2022-01-20 09:37 PM
Hi I am trying to optimise my gait generation code for my robot. I use a lot of float operations . I want to use FPU to accelerate computing.
As an experiment I am using the following task
TickType_t start = xTaskGetTickCount();
while( i<100000000)
{
float a = sin(1.7)+sin(0.58)+cos(0.66)/(2*(atan2(3,5)+sin(0.11)));
i++;
}
TickType_t end = xTaskGetTickCount();
sprintf(msg,"%lu \r\n",end-start);
HAL_UART_Transmit(&huart3,( uint8_t*) &msg,strlen(msg), 15);
i = 0;
I also setup the flags
But the time taking to execute the task is same as before setting up the above flags .
I was under assumption that once flag is set all legacy c defined math operation will be converted in FPU using code ? Am I wrong in the assumption ?
Please Advice !
Thank You
Yours Sincerely,
S.Shyam
2022-01-21 01:23 AM
I think that FPU is used regardless of __FPU_PRESENT symbol, because it is already defined in
"\Drivers\CMSIS\Device\ST\STM32H7xx\Include\stm32h750xx.h" (this path for STM32H750):
#define __FPU_PRESENT 1 /*!< FPU present
I think you can evaluate non-FPU performance by setting Floating-point unit to "None":
And maybe some additional changes to HAL driver defines.

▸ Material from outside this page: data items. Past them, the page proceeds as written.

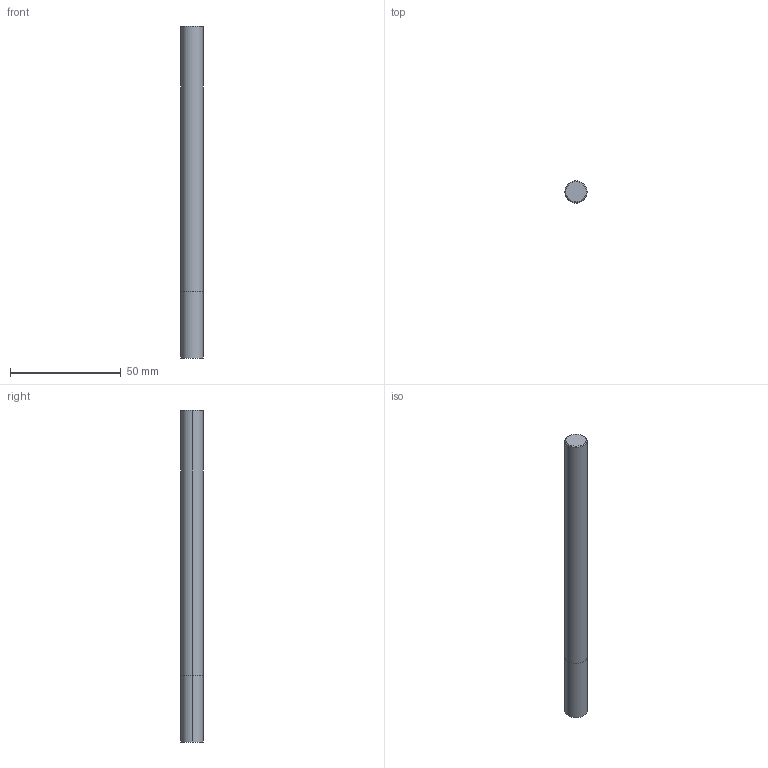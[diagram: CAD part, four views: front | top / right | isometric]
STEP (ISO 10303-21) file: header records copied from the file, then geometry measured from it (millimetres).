
FILE_DESCRIPTION (( 'STEP AP214' ), '1' );
FILE_NAME ('Micro_SFPM-100-30.STEP', '2021-09-02T07:44:25', ( '' ), ( '' ), 'SwSTEP 2.0', 'SolidWorks 2020', '' );
FILE_SCHEMA (( 'AUTOMOTIVE_DESIGN' ));
Length unit declared in the file: inch
Products named in the file (1): Micro_SFPM-100-30
Bounding box: 10 x 10 x 150 mm (x, y, z)
Volume: 11774.1 mm3; surface area: 4861.2 mm2
Topology: 1 solids, 1 shells, 10 faces, 18 edges, 10 vertices
Faces by surface type: cylinder 4, cone 4, plane 2
Entity records: 284 total; most frequent: DIRECTION 50, CARTESIAN_POINT 39, ORIENTED_EDGE 36, AXIS2_PLACEMENT_3D 21, EDGE_CURVE 18, FACE_OUTER_BOUND 10, EDGE_LOOP 10, VERTEX_POINT 10

For performance boost use integer implementation with lookup tables, CORDIC, polynomial, etc.
For SIN/COS I use simple lookup table with 32 bit phase accumulator
For ATAN2 I use polynomial ATAN from Efficient Approximations for the Arctangent Function and considering to replace it with lookup table.
2022-01-21 10:50 PM
One person told me that I have to use DSP in the CubeF7 driver to work with FPU.
https://github.com/STMicroelectronics/STM32CubeF7/tree/master/Drivers/CMSIS/DSP/Source
They are not related, right? DSP library can be used regardless of using FPU correct ?
2022-01-22 01:22 AM
whats the difference between FPU andFloating point ABI ?
2022-01-24 05:10 PM
DSP and FPU are independent. Use of one does not require or imply use of another.
The "Floating point ABI" is the correct place to set whether the compiler creates FPU instructions or emulated floating point support.
2022-01-25 11:20 AM
Line 4 in your sample code is "invariant" (the answer never changes) and the result (stored in "a") is never used. Likewise, the resulting value of "i" is never used outside the loop. Depending on your optimization setting, that line, and in fact the entire while() loop, may be optimized out of the executable code.
2022-01-29 11:37 PM
After experiments, these are my observations.
I used the DWT cycle counter to measure the cycles consumed.
I do two type of declaration
//Type 1
float t = 2.45f
//Type 2
float t = 2.45f
float32_t t2 = t;
Among both types of variable (t) declaration. Type 2 seems to be 20-30 cycles faster. even though I am not even using t2.
Thank you everyone for the advice !
2022-01-30 04:30 AM
I'm late here, but anyway: Check the code disassembly to better understand what happened and what you are measuring. Are FPU instructions generated or function calls to SW emulations? Does the assembler code correspond 1:1 to the source code?
In your above loop, chances are high that the compiler optimizes away calculations with unused results.
Declare variables volatile to ensure that the calculations are not optimzed away.
The compiler may reorder instructions statically (at compile time) for better performance.
On a Cortex-M7, the CPU may reorder memory access dynamically (at execution time) for better performance. This, together with cache behaviour, makes it quite complex to get accurate timing. See __DMB, memory barries etc..
For example, I doubt that in general
> 3. The cycle consumed increases as the magnitude of operand increases(12.45f>2.45f).
hth
KnarfB